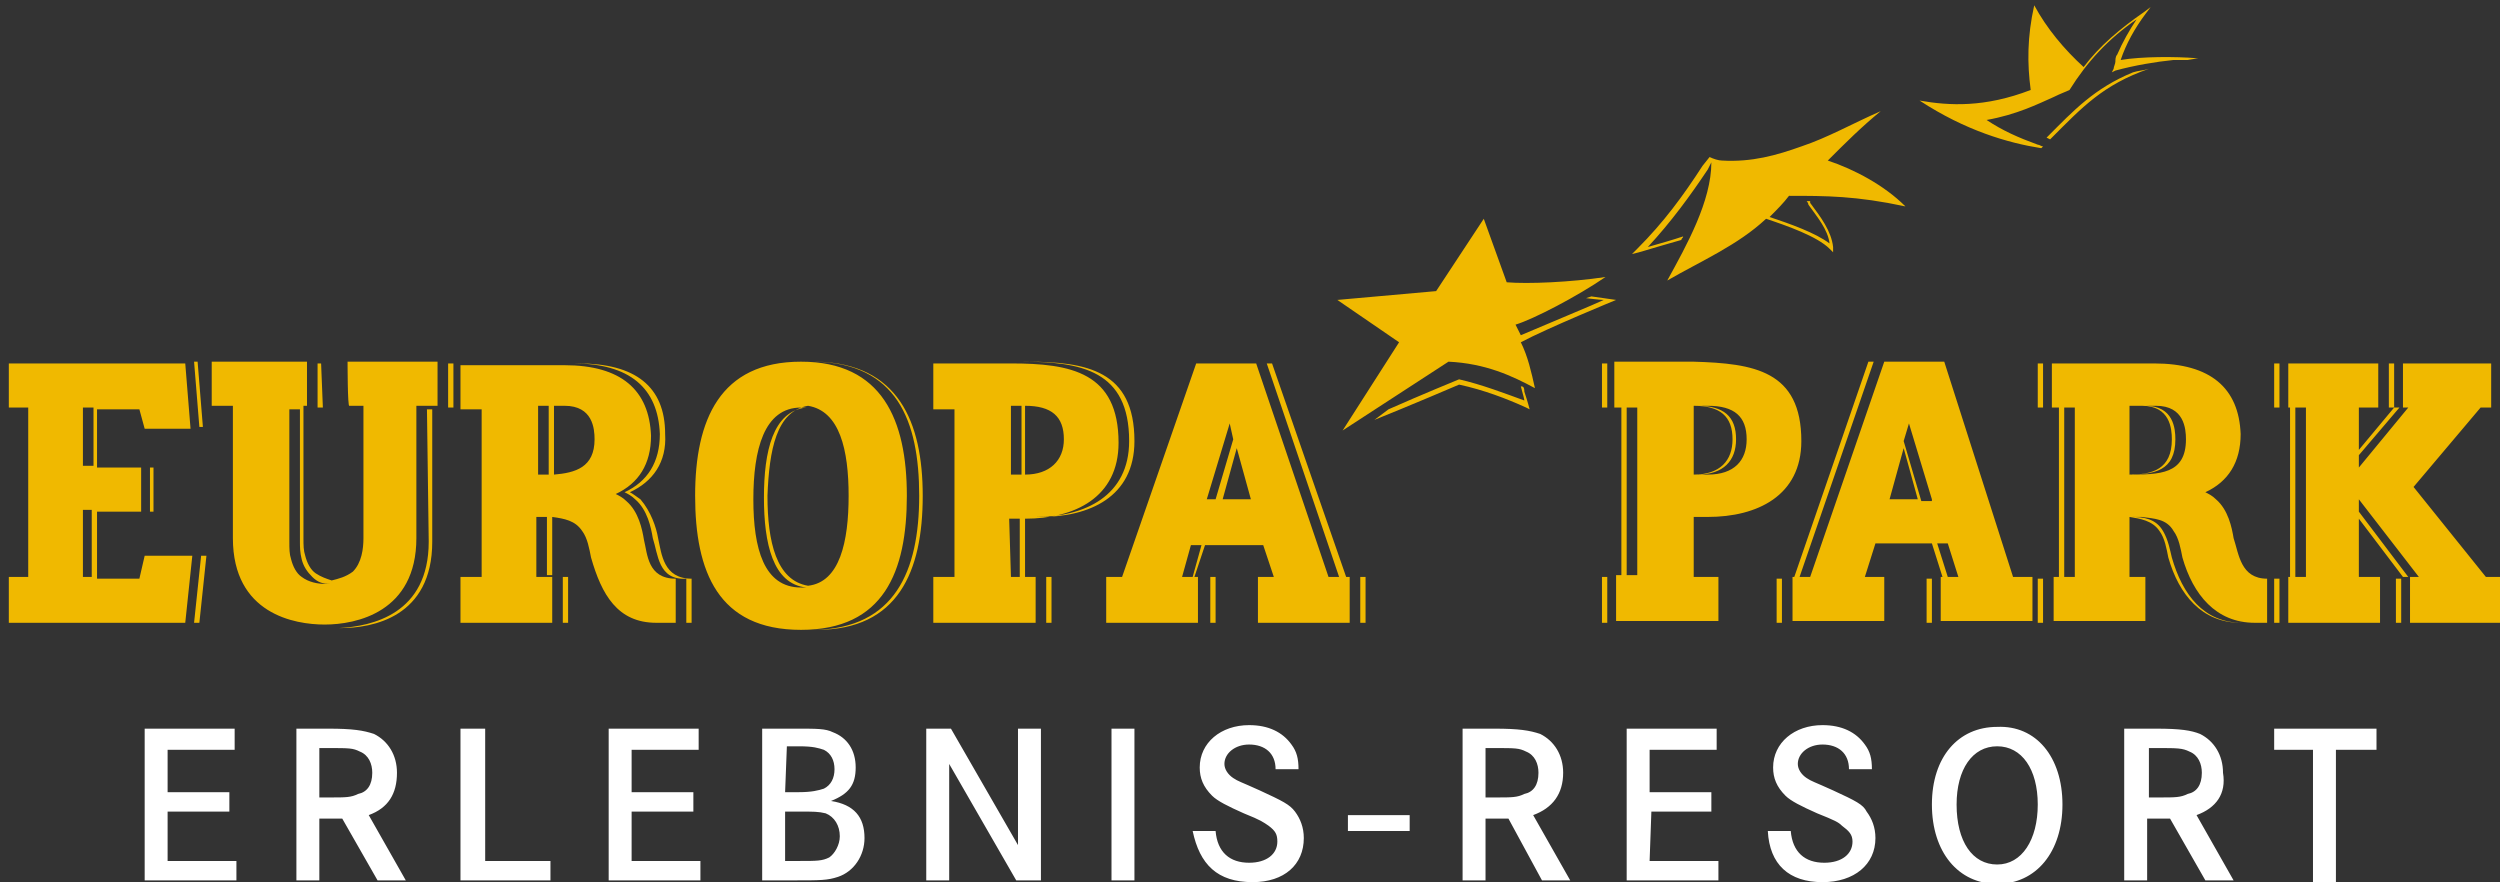 <?xml version="1.0" encoding="utf-8"?>
<!-- Generator: Adobe Illustrator 27.3.1, SVG Export Plug-In . SVG Version: 6.00 Build 0)  -->
<svg version="1.1" id="Ebene_1" xmlns="http://www.w3.org/2000/svg" xmlns:xlink="http://www.w3.org/1999/xlink" x="0px" y="0px"
	 viewBox="0 0 141.7 50" style="enable-background:new 0 0 141.7 50;" xml:space="preserve">
<rect x="0" y="0" width="141.7" height="50" fill="#333333" stroke="none"/>
<style type="text/css">
	.st0{fill:#FFFFFF;}
	.st1{fill:#F0B900;}
</style>
<path class="st0" d="M9.5,48.8h3.9v1.1H8.2v-8.6h5.1v1.2H9.5v2.4H13V46H9.5V48.8z M20.9,46.2l2.1,3.7h-1.6l-2-3.5h-1.3v3.5h-1.3
	v-8.6h1.8l0,0c1.4,0,2,0.1,2.6,0.3c0.8,0.4,1.3,1.2,1.3,2.2C22.5,45,22,45.8,20.9,46.2z M21.1,43.8c0-0.5-0.2-1-0.7-1.2
	c-0.4-0.2-0.6-0.2-1.8-0.2h-0.5v2.8h0.6l0,0c0.9,0,1.2,0,1.6-0.2C20.8,44.9,21.1,44.5,21.1,43.8z M27.5,41.3h-1.4v8.6h5.1v-1.1h-3.7
	V41.3z M35.8,46h3.5v-1.1h-3.5v-2.4h3.8v-1.2h-5.1v8.6h5.2v-1.1h-3.9V46z M49,47.5c0,1-0.6,1.9-1.5,2.2c-0.6,0.2-1,0.2-2.5,0.2h-1.8
	v-8.6h2l0,0c1.1,0,1.6,0,2,0.2c0.8,0.3,1.3,1,1.3,2s-0.4,1.5-1.4,1.9C48.4,45.6,49,46.3,49,47.5z M44.5,44.9h0.8
	c0.7,0,1.1-0.1,1.4-0.2c0.4-0.2,0.6-0.6,0.6-1.1s-0.2-0.9-0.6-1.1c-0.3-0.1-0.6-0.2-1.4-0.2h-0.7L44.5,44.9L44.5,44.9z M47.6,47.4
	c0-0.6-0.3-1.1-0.8-1.3C46.4,46,46.1,46,45.3,46h-0.8v2.8h0.8l0,0c1,0,1.3,0,1.7-0.2C47.3,48.4,47.6,47.9,47.6,47.4z M57.7,47.9
	l-3.8-6.6h-1.4v8.6h1.3v-6.6l3.8,6.6H59v-8.6h-1.3V47.9z M63,49.9h1.3v-8.6H63V49.9z M71.4,44.8c-1.1-0.5-1.2-0.5-1.5-0.7
	s-0.5-0.5-0.5-0.8c0-0.6,0.6-1.1,1.4-1.1c0.9,0,1.5,0.5,1.5,1.4h1.3c0-0.6-0.1-1-0.4-1.4c-0.5-0.7-1.3-1.1-2.4-1.1
	c-1.6,0-2.8,1-2.8,2.4c0,0.6,0.2,1.1,0.7,1.6c0.3,0.3,0.9,0.6,1.8,1c1,0.4,1.1,0.5,1.4,0.7c0.4,0.3,0.5,0.5,0.5,0.9
	c0,0.7-0.6,1.2-1.6,1.2c-1.1,0-1.8-0.6-1.9-1.8h-1.3C68,49,69,50,71,50c1.8,0,2.9-1,2.9-2.5c0-0.6-0.2-1.1-0.5-1.5
	S72.7,45.4,71.4,44.8z M76.4,47.1h3.5v-0.9h-3.5V47.1z M86.9,46.2l2.1,3.7h-1.6l-1.9-3.5h-1.3v3.5h-1.3v-8.6h1.8l0,0
	c1.4,0,2,0.1,2.6,0.3c0.8,0.4,1.3,1.2,1.3,2.2C88.6,45,88,45.8,86.9,46.2z M87.2,43.8c0-0.5-0.2-1-0.7-1.2c-0.4-0.2-0.6-0.2-1.8-0.2
	h-0.5v2.8h0.6l0,0c0.9,0,1.2,0,1.6-0.2C86.9,44.9,87.2,44.5,87.2,43.8z M93.6,46H97v-1.1h-3.5v-2.4h3.8v-1.2h-5.1v8.6h5.2v-1.1h-3.9
	L93.6,46L93.6,46z M103.9,44.8c-1.1-0.5-1.2-0.5-1.5-0.7s-0.5-0.5-0.5-0.8c0-0.6,0.6-1.1,1.4-1.1c0.9,0,1.5,0.5,1.5,1.4h1.3
	c0-0.6-0.1-1-0.4-1.4c-0.5-0.7-1.3-1.1-2.4-1.1c-1.6,0-2.8,1-2.8,2.4c0,0.6,0.2,1.1,0.7,1.6c0.3,0.3,0.9,0.6,1.8,1
	c1,0.4,1.2,0.5,1.4,0.7c0.4,0.3,0.6,0.5,0.6,0.9c0,0.7-0.6,1.2-1.6,1.2c-1.1,0-1.8-0.6-1.9-1.8h-1.3c0.1,1.9,1.2,2.9,3.1,2.9
	c1.8,0,3-1,3-2.5c0-0.6-0.2-1.1-0.5-1.5C105.6,45.6,105.2,45.4,103.9,44.8z M116.9,45.6L116.9,45.6c0,2.7-1.5,4.5-3.7,4.5
	s-3.7-1.8-3.7-4.5s1.5-4.4,3.7-4.4C115.4,41.1,116.9,42.9,116.9,45.6z M115.5,45.6c0-2-0.9-3.3-2.3-3.3s-2.3,1.3-2.3,3.3
	c0,2.1,0.9,3.4,2.3,3.4S115.5,47.6,115.5,45.6z M124.5,46.2l2.1,3.7H125l-2-3.5h-1.3v3.5h-1.3v-8.6h1.8c1.4,0,2,0.1,2.5,0.3
	c0.8,0.4,1.3,1.2,1.3,2.2C126.2,45,125.6,45.8,124.5,46.2z M124.8,43.8c0-0.5-0.2-1-0.7-1.2c-0.4-0.2-0.7-0.2-1.8-0.2h-0.5v2.8h0.6
	l0,0c0.9,0,1.2,0,1.6-0.2C124.5,44.9,124.8,44.5,124.8,43.8z M128.9,41.3v1.2h2.2V50h1.3v-7.5h2.3v-1.2H128.9z"/>
<path class="st1" d="M115.7,8.4l0.1-0.1c-0.1,0-0.2-0.1-0.3-0.1c-1.1-0.4-2-0.8-2.9-1.4c1.7-0.3,2.9-0.9,3.8-1.3
	c0.4-0.2,0.7-0.3,0.9-0.4l0,0l0,0c1-1.6,2.2-2.9,3.8-4c-0.4,0.6-0.8,1.3-1.1,2c-0.1,0.1-0.1,0.3-0.1,0.4l0,0c0,0.1-0.1,0.3-0.1,0.4
	l-0.1,0.2l0.2-0.1c1.1-0.3,2.3-0.5,3.3-0.6c0.3,0,0.5,0,0.8,0l0.6-0.1c0,0,0,0-0.1,0c-1.2-0.1-3.1-0.1-4.3,0.1
	c0.3-0.9,0.8-1.8,1.4-2.6l0.3-0.4l-0.4,0.3c-1.3,0.9-2.5,1.9-3.4,3.1c-1.1-1-2.1-2.2-2.8-3.5c-0.4,1.8-0.4,3.3-0.2,4.8
	c-2.6,1-4.6,0.9-6.3,0.6C111.4,7.4,113.8,8.1,115.7,8.4L115.7,8.4z M95.3,13.6c0-0.1,0.1-0.1,0.1-0.2c-0.6,0.2-1.3,0.4-2,0.6
	c1.3-1.4,2.4-2.9,3.4-4.4L97,9.2c0,2.2-1.4,4.7-2.5,6.7c1.9-1.1,4-2,5.6-3.5l0,0c1.2,0.4,2.9,1,3.6,1.7l0.2,0.2V14
	c-0.1-0.9-0.7-1.7-1.3-2.5v-0.1c-0.1,0-0.1,0-0.2,0c0.1,0.1,0.1,0.2,0.1,0.2c0.5,0.7,1.1,1.4,1.2,2.2c-0.8-0.6-2.2-1.1-3.4-1.5
	c0.4-0.4,0.8-0.8,1.1-1.2c2.1,0,3.8,0,6.6,0.6c-1.2-1.2-2.9-2.1-4.4-2.6c1-1,1.9-1.9,3-2.8c-1.6,0.7-3,1.5-4.5,2
	c-1.4,0.5-2.8,0.9-4.5,0.8c-0.2,0-0.5-0.1-0.7-0.2l0,0l-0.4,0.5c-1.1,1.7-2.2,3.2-3.7,4.7l-0.3,0.3l0.4-0.1
	C93.9,14,94.6,13.8,95.3,13.6z M116.1,7.7L116,7.8l0.2,0.1l0.1-0.1c1.7-1.7,2.9-3,5.5-3.9c-0.3,0.1-0.6,0.1-0.9,0.2
	C118.7,5,117.5,6.3,116.1,7.7z M86.2,21.9c0.1,0.4,0.2,0.7,0.2,0.8c-1.1-0.4-2.4-0.9-3.7-1.2l0,0c0,0-2.2,0.9-4,1.7l-0.8,0.6
	c2-0.8,4.8-2,4.8-2c1.4,0.3,2.7,0.8,3.8,1.3l0.2,0.1c0,0-0.1-0.4-0.3-1C86.4,21.9,86.3,21.9,86.2,21.9z M91.6,17l-1.4-0.2l-0.3,0.1
	c0,0,0.8,0.1,1,0.1c-0.4,0.2-3.3,1.4-4.7,2c-0.1-0.2-0.2-0.4-0.3-0.6c1-0.3,3.5-1.6,5.1-2.7c-2,0.3-4.4,0.4-5.6,0.3l-1.3-3.6
	l-2.7,4.1L75.8,17l3.5,2.4l-3.2,5l6-3.9c2.1,0.1,3.6,0.8,4.9,1.5c-0.2-0.9-0.4-1.8-0.8-2.6C87.7,18.6,91.6,17,91.6,17z"/>
<path class="st1" d="M52.3,28.1c0,4.3-1.4,7.6-6,7.6h-0.1c4.5-0.1,5.9-3.3,5.9-7.6s-1.3-7.5-5.9-7.6h0.1
	C50.9,20.6,52.3,23.9,52.3,28.1z M37.3,30.5c-0.1-0.6-0.4-1.5-1-2.2c-0.3-0.2-0.4-0.3-0.6-0.4c1.3-0.6,2.1-1.7,2-3.3
	c0-2.7-1.7-4-4.9-4h-0.3c3.2,0,4.8,1.4,4.9,4c0,1.6-0.7,2.7-2,3.3c0.2,0.1,0.4,0.2,0.6,0.4c0.7,0.6,0.9,1.6,1,2.2
	c0.3,0.9,0.3,2.4,1.9,2.3v2.5h0.3v-2.5C37.6,32.8,37.5,31.4,37.3,30.5z M31.9,35.3h0.3v-2.6h-0.3C31.9,32.7,31.9,35.3,31.9,35.3z
	 M76.3,32.7h0.2v2.6h-5.2v-2.6h0.9l-0.6-1.8h-3.3l-0.6,1.8h0.2v2.6h-5.2v-2.6h0.9l4.2-12.1h3.4l4.1,12.1h0.6l-4.1-12.1h0.3
	L76.3,32.7z M68.1,30.9h-0.6L67,32.7h0.6L68.1,30.9z M68.9,28.3l1-3.4L69.7,24l-1.3,4.3H68.9z M70.9,28.3l-0.8-2.9l-0.8,2.9H70.9z
	 M77.1,35.3h0.3v-2.6h-0.3V35.3z M68.6,35.3h0.3v-2.6h-0.3V35.3z M11.5,24.2l-0.3-3.7H11l0.3,3.7H11.5z M11,35.3h0.3l0.4-3.8h-0.3
	L11,35.3z M8.7,29v-2.5H8.5V29H8.7z M135.7,20.6h-0.3v2.5h0.3V20.6z M135.8,35.3h0.3v-2.5h-0.3V35.3z M128.9,23.1h0.3v-2.5h-0.3
	V23.1z M128.9,35.3h0.3v-2.5h-0.3V35.3z M109.2,35.3h0.3v-2.5h-0.3V35.3z M100.7,35.3h0.3v-2.5h-0.3V35.3z M115.5,23.1h0.3v-2.5
	h-0.3V23.1z M115.5,35.3h0.3v-2.5h-0.3V35.3z M45.4,35.7c-4.7,0-6-3.3-6-7.6s1.4-7.6,6-7.6s6,3.3,6,7.6S50.1,35.7,45.4,35.7z
	 M45.4,33.3c0.1,0,0.2,0,0.3,0c-1.9-0.2-2.4-2.5-2.4-5.1s0.5-4.9,2.4-5.1c-0.1,0-0.2,0-0.3,0c-2.1,0-2.7,2.4-2.7,5.2
	S43.3,33.3,45.4,33.3z M48.1,28.1c0-2.6-0.5-4.8-2.3-5.1c-1.8,0.3-2.2,2.5-2.3,5.1c0,2.6,0.5,4.8,2.3,5.1
	C47.6,33,48.1,30.7,48.1,28.1z M38.3,35.3L38.3,35.3L38.3,35.3L38.3,35.3z M38.3,32.8v2.5h-1.1c-2.2,0-3.1-1.6-3.7-3.7
	c-0.1-0.5-0.2-1.1-0.5-1.5c-0.4-0.6-1-0.7-1.7-0.8v3.3H31v-3.3c-0.2,0-0.5,0-0.6,0v3.4h0.9v2.6h-5.2v-2.6h1.2v-9.5h-1.2v-2.5H32
	c3.2,0,4.8,1.4,4.9,4c0,1.6-0.7,2.7-2,3.3c0.2,0.1,0.4,0.2,0.6,0.4c0.7,0.6,0.9,1.6,1,2.2C36.7,31.4,36.7,32.8,38.3,32.8z
	 M33.7,24.9c0-0.6-0.1-1.9-1.7-1.9h-1.5v3.9c0.2,0,0.4,0,0.6,0V23h0.3v3.9C32.6,26.8,33.7,26.5,33.7,24.9z M18.2,20.6H18v2.5h0.3
	L18.2,20.6L18.2,20.6z M25.4,23.1h0.3v-2.5h-0.3V23.1z M24.3,30.7c0,4.1-3.2,4.8-5.1,4.9h0.1c1.8,0,5.2-0.6,5.2-4.9v-7.5h-0.3
	L24.3,30.7L24.3,30.7z M19.7,20.5h5.1V23h-1.2v7.5c0,4.2-3.4,4.9-5.2,4.9c-1.7,0-5.2-0.6-5.2-4.9V23H12v-2.5h5.4V23h-0.2v7.5
	c0,0.4,0,0.7,0.1,1c0.1,0.4,0.3,0.8,0.6,1c0.3,0.2,0.6,0.3,0.9,0.4c0.4-0.1,0.8-0.2,1.2-0.5c0.5-0.5,0.6-1.3,0.6-1.9V23h-0.8
	C19.7,23.1,19.7,20.5,19.7,20.5z M18.5,33.1c0.1,0,0.1,0,0.2,0c-0.4,0-0.7-0.1-1-0.4c-0.3-0.3-0.5-0.6-0.6-1C17,31.3,17,31,17,30.7
	v-7.5h-0.6v7.5c0,0.4,0,0.7,0.1,1c0.1,0.4,0.3,0.8,0.6,1C17.5,33,18,33.1,18.5,33.1z M8.2,31.5h2.7l-0.4,3.8h-10v-2.6h1.1v-9.6H0.5
	v-2.5h10l0.3,3.7H8.2l-0.3-1.1H5.5v3.3H8V29H5.5v3.8h2.4L8.2,31.5z M4.7,26.4h0.6v-3.3H4.7V26.4z M5.2,32.7v-3.8H4.7v3.8H5.2z
	 M141.7,32.7v2.6h-5.1v-2.6h0.5l-3.4-4.4V29l2.8,3.7h-0.3l-2.5-3.3v3.3h1.2v2.6h-5.2v-2.6h0.1v-9.6h-0.1v-2.5h5.1v2.5h-1.1v2.4
	l2-2.4h0.3l-2.3,2.7v0.7l2.8-3.4h-0.3v-2.5h5v2.5h-0.6l-3.8,4.5l4.1,5.1H141.7z M130.7,23.1h-0.6v9.6h0.6V23.1z M114.1,32.7h1.1v2.5
	H110v-2.5h0.1l-0.6-1.9h0.3l0.6,1.9h0.6l-0.6-1.9h-4.1l-0.6,1.9h1.1v2.5h-5.2v-2.5h0.1l4.2-12.2h0.3L102,32.7h0.6l4.2-12.2h3.4
	L114.1,32.7z M108.7,28.3l-0.8-2.9l-0.8,2.9H108.7z M109.5,28.3l-1.3-4.3l-0.3,1l1,3.4h0.6V28.3z M128.5,32.8v2.5h-0.7
	c-2.2,0-3.5-1.6-4.1-3.7c-0.1-0.5-0.2-1.1-0.5-1.5c-0.4-0.7-1.1-0.7-1.8-0.8c-0.2,0-0.6,0-0.8,0l0,0c0.1,0,0.1,0,0.2,0
	c0.7,0,1.4,0.1,1.8,0.8c0.3,0.5,0.4,1.1,0.5,1.5c0.6,2.1,1.8,3.7,4,3.7H127c-2.2,0-3.5-1.6-4.1-3.7c-0.1-0.5-0.2-1.1-0.5-1.5
	c-0.4-0.6-1.1-0.7-1.7-0.8v3.4h0.9v2.5h-5.2v-2.5h1.2v-9.6H117v9.6h-0.3v-9.6h-0.4v-2.5h5.8c3.2,0,4.8,1.4,4.9,4
	c0,1.6-0.7,2.7-2,3.3c0.2,0.1,0.4,0.2,0.6,0.4c0.7,0.6,0.9,1.6,1,2.2C126.9,31.4,127,32.8,128.5,32.8z M120.7,23v3.9
	c1.3,0,2.4-0.3,2.4-2c0-0.6-0.1-1.9-1.7-1.9H120.7L120.7,23z M123.9,24.9c0-0.6-0.1-1.9-1.7-1.9h-0.6c1.6,0,1.7,1.3,1.7,1.9
	c0,1.8-1.2,2-2.7,2l0,0C122.4,26.9,123.9,26.9,123.9,24.9z M64.3,25c0-4-2.7-4.5-6.1-4.5h-0.3c3.4,0,6.1,0.5,6.1,4.5
	c0,3.1-2.5,4.3-5.3,4.3H59C61.7,29.3,64.3,28.2,64.3,25z M59.3,35.3h0.3v-2.6h-0.3V35.3z M90.8,20.6v2.5h0.3v-2.5H90.8z M90.8,35.3
	h0.3v-2.6h-0.3V35.3z M57.3,32.7h1.4v2.6h-5.8v-2.6h1.2v-9.5h-1.2v-2.6l0,0h4.4c3.4,0,6.1,0.5,6.1,4.5c0,3.1-2.5,4.3-5.3,4.3l0,0
	v3.3h-0.3v-3.3h-0.6L57.3,32.7L57.3,32.7z M58.1,23v3.9l0,0c1.4,0,2.2-0.8,2.2-2C60.3,23.6,59.6,23,58.1,23L58.1,23z M57.3,26.9h0.6
	V23h-0.6V26.9z M102.1,25c0,3.1-2.5,4.3-5.3,4.3H96v3.4h1.4v2.5h-5.8v-2.6h1.2v-9.5h-0.6v9.5h-0.3v-9.5h-0.4v-2.6H96
	C99.4,20.6,102.1,21,102.1,25z M96,26.9c1.5,0,2.2-0.8,2.2-2c0-1.3-0.7-1.9-2.2-1.9l0,0V26.9L96,26.9z M99,24.9
	c0-1.3-0.7-1.9-2.2-1.9h-0.6c1.5,0,2.2,0.6,2.2,1.9c0,1.2-0.7,2-2.2,2h0.6C98.3,26.9,99,26.1,99,24.9z"/>
</svg>

________________________________________

**TASK DESCRIPTION**
Write out every line of the preceding listing that contains "path".

**RESPONSE TO THE EXERCISE**
<path class="st0" d="M9.5,48.8h3.9v1.1H8.2v-8.6h5.1v1.2H9.5v2.4H13V46H9.5V48.8z M20.9,46.2l2.1,3.7h-1.6l-2-3.5h-1.3v3.5h-1.3
<path class="st1" d="M115.7,8.4l0.1-0.1c-0.1,0-0.2-0.1-0.3-0.1c-1.1-0.4-2-0.8-2.9-1.4c1.7-0.3,2.9-0.9,3.8-1.3
<path class="st1" d="M52.3,28.1c0,4.3-1.4,7.6-6,7.6h-0.1c4.5-0.1,5.9-3.3,5.9-7.6s-1.3-7.5-5.9-7.6h0.1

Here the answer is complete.